26. As already noted, by the time of the current offences, the offender was receiving a combination of medications including a monthly slow-release injection of Paliperidone (the primary anti-psychotic treatment), Lorazepam (a treatment for anxiety) and Temazepam (a treatment for insomnia). He had been taking Temazepam since 5 July 2021 and had last taken it the night before the incident. His most recent injection of Paliperidone at the time of the collision was 22 June 2021.
27. The offender told Associate Professor Carroll that he recalled being troubled by the side effects of Paliperidone. He said it made him “extremely lethargic and drowsy”, that it caused “blurry vision” sometimes and that it affected the quality of his sleep. He said at the time of the collision his vision “went a bit blurry” and he remembered trying to pull his car over to the side of the road. When pressed on that issue by Associate Professor Carroll, the offender said that he had suffered “bouts of blurred vision lasting for up to five seconds or so, on a regular basis, ‘a few times a day’ since starting Paliperidone”. Five seconds is a long time behind the wheel of a moving vehicle. The offender said the day of the accident was the first time he had been afflicted by blurred vision while driving. Significantly, he told Associate Professor Carroll that, because of the problems with his vision due to his medication, he had been trying to minimise his driving.
28. At the proceedings on sentence, counsel for the offender emphasised evidence that the offender’s experience was consistent with the known side effects of the drugs with which he was being treated at the time. The side effects of Paliperidone include sedation, drowsiness, dizziness and blurred vision.
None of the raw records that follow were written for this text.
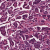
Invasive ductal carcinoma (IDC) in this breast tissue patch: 1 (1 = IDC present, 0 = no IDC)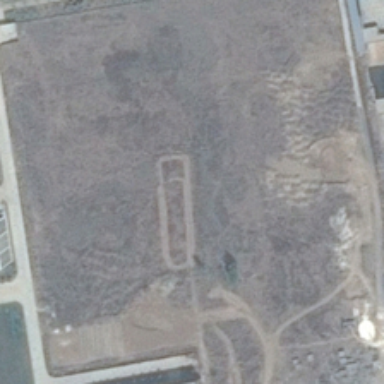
Several buildings are near a piece of bareland .
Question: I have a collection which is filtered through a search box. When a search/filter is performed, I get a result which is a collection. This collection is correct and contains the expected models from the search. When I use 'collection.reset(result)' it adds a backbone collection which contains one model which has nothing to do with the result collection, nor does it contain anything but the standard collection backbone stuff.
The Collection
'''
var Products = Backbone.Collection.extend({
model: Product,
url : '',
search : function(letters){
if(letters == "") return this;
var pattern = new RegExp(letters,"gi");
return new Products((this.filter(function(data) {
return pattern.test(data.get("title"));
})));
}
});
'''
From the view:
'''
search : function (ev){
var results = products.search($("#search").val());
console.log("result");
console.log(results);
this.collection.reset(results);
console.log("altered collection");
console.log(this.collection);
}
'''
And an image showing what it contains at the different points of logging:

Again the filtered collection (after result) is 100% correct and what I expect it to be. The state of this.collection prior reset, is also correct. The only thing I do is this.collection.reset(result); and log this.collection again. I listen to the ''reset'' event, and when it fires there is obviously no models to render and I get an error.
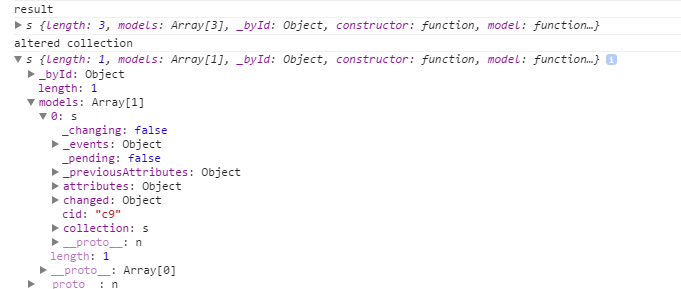
Answer: it looks like 'results' is a Products collection. 'collection.reset()' expects an array of models, not a collection.
Try 'this.collection.reset(results.models);'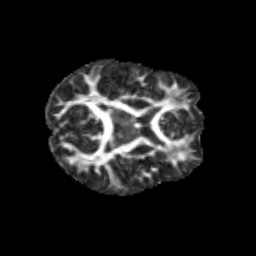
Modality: FA
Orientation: axial
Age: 13
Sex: male
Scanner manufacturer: siemens
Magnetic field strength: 3 T
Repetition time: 3.8 s
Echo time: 0.07 s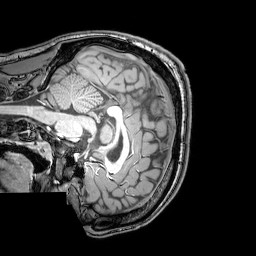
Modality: T1w
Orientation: sagittal
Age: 24
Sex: male
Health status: healthy
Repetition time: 0.081 s
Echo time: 0.037 s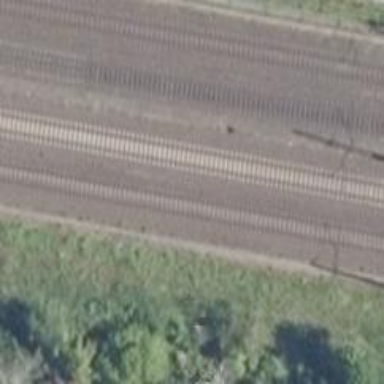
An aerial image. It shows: Railway signal.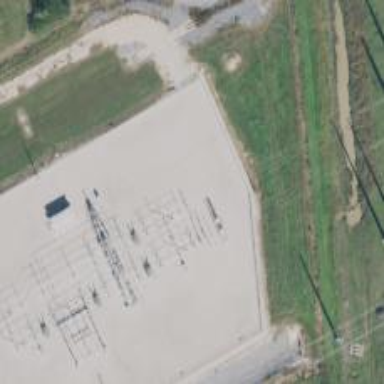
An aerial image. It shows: Switch for power supply.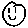
Label: smiley face
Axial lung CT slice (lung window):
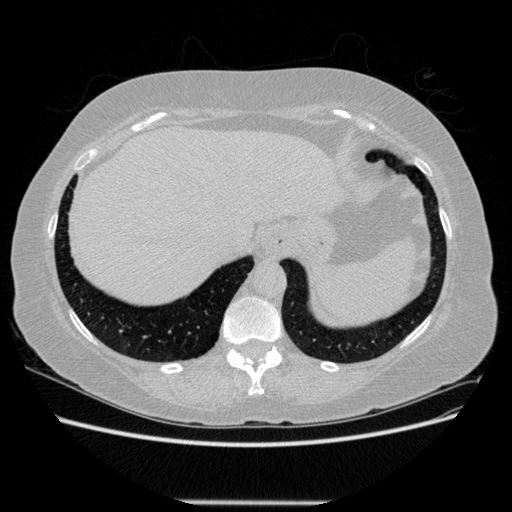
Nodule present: no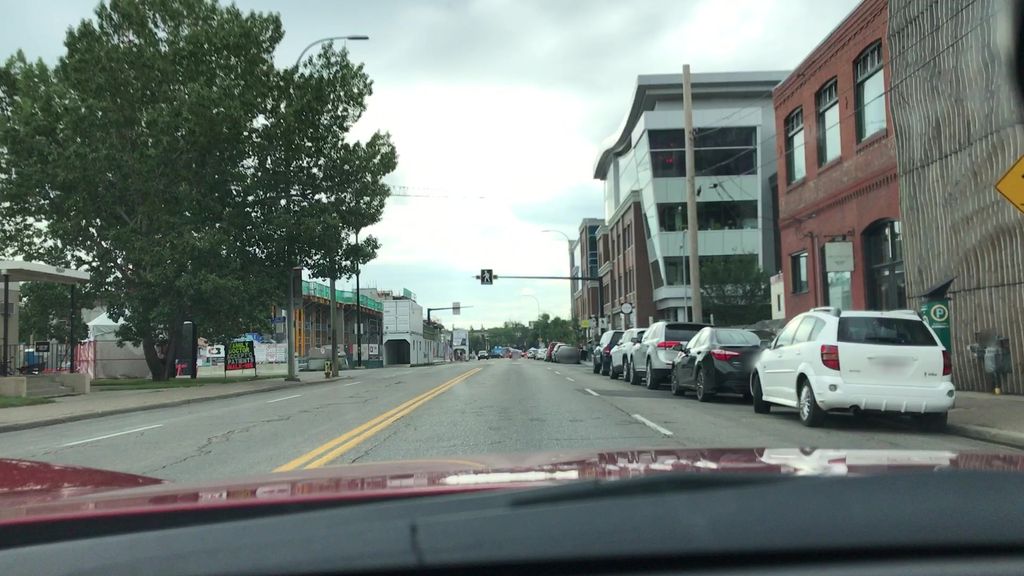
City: calgary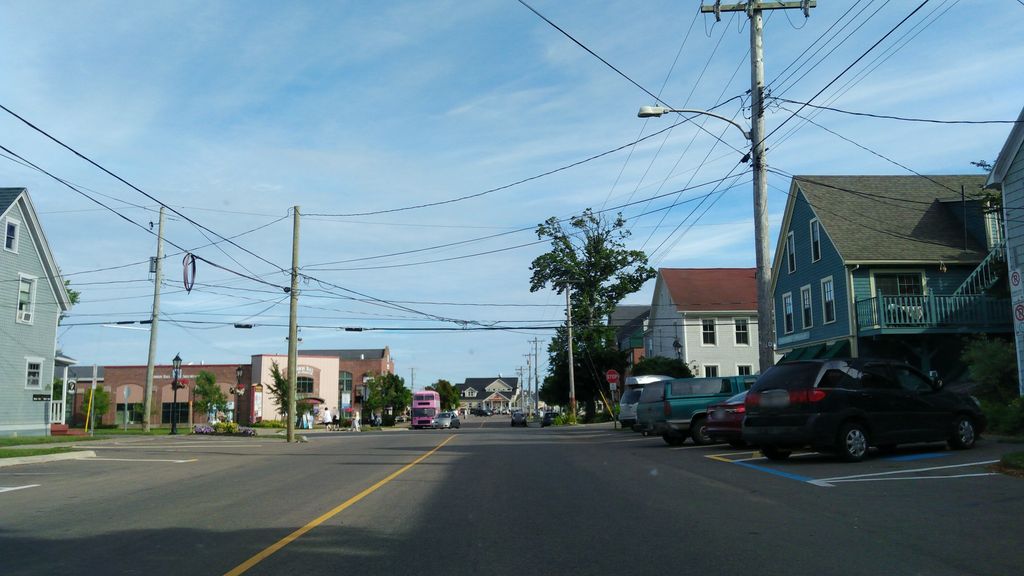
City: charlottetown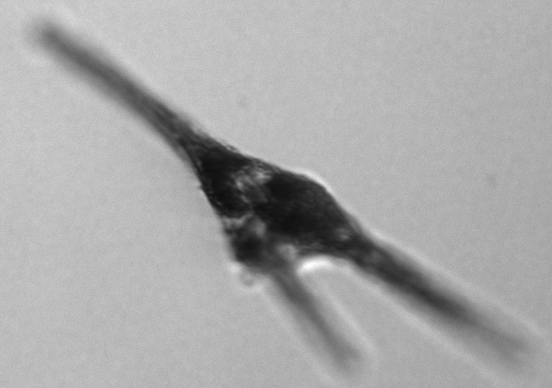
Label: Tripos_furca

The evidence also established that Temazepam is known to affect memory, attention and cognition, impacting driving ability when taken at high levels. An expert report of from a forensic pharmacologist and toxicologist noted that, due to the offender’s recent commencement of Temazepam, he would have not developed a tolerance to those side effects. The report further noted that the combined use of the anti-psychotic medication with Temazepam “can result in severe side effects ranging from hypotension, excessive sedation, delirium to unconsciousness, cardiac arrest and coma” and that the offender may have experienced a loss of consciousness or a memory blackout and troubled vision at the time of the incident. However, no such claim is recorded in the agreed facts.
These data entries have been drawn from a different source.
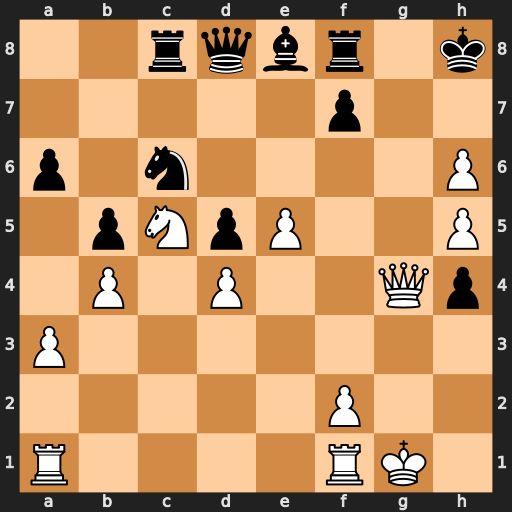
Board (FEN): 2rqbr1k/5p2/p1n4P/1pNpP2P/1P1P2Qp/P7/5P2/R4RK1
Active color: w
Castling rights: -
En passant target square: -
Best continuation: Qg7#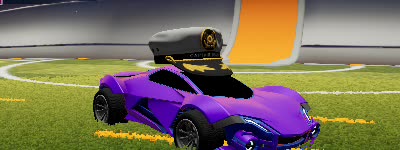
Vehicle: werewolf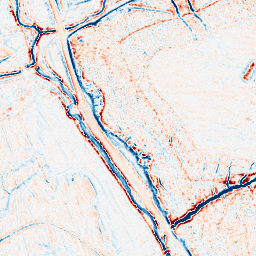
Category: edge_preserving
Decomposition family: bilateral
Decomposition parameters: d: 9
sigma_color: 150
sigma_space: 100
Upsampling method: quartic
Upsampling parameters: scale: 8
Upsampling scale: 8
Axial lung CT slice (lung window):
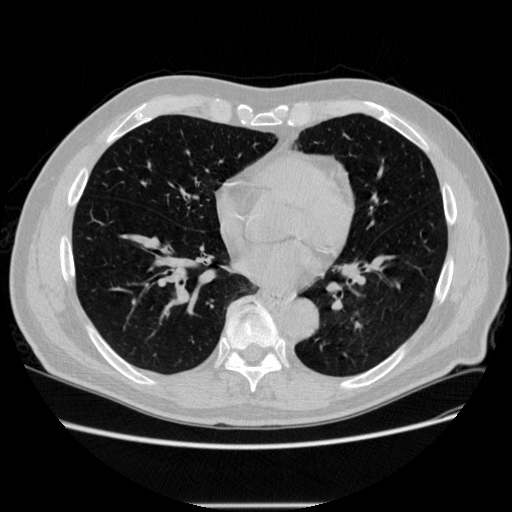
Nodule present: no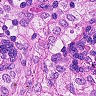
Metastatic tissue present: no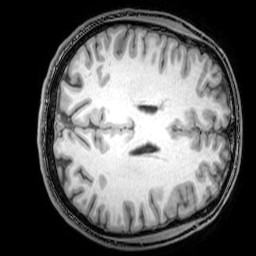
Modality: T1w
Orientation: axial
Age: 23
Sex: male
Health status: healthy
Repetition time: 0.081 s
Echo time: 0.037 s

29. There was also a report from Associate Professor Parekh, a forensic toxicologist, which noted a series of potential impacts the offender’s psychiatric condition could have on driving ability based on medical literature. However, Associate Professor Parekh did not examine the offender. Her report addressed potential impacts.
30. The better evidence is what the offender said he in fact experienced at the time of the collision, which was an episode of blurred vision. The difficulty for the offender is that evidence in his own case clearly establishes that he was aware of that side effect for some time before he made the decision to drive on the day of the collision. As already noted, he told Associate Professor Carroll that he had suffered bouts of blurred vision a few times a day and that he had been minimising his driving for that reason.
31. As to the offender’s mental state at the time of the offending, Associate Professor Carroll found no evidence of substantial impairment. He could find no evidence that the offender’s mental capacity to understand, judge or control his conduct was substantially impaired at the time of the July charges. He found no evidence that the offender’s capacity to reason was substantially impaired at that time and nothing to suggest that the offender lacked the capacity to form the specific intent necessary to carry out the conduct underlying the charges.
The s 10 threshold
32. For any offence punishable by imprisonment, the power to sentence an offender to imprisonment is enlivened only if the Court is satisfied, having considered possible alternatives, that no other penalty is appropriate: s 10(2) of the Crimes (Sentencing) Act 2005 (ACT).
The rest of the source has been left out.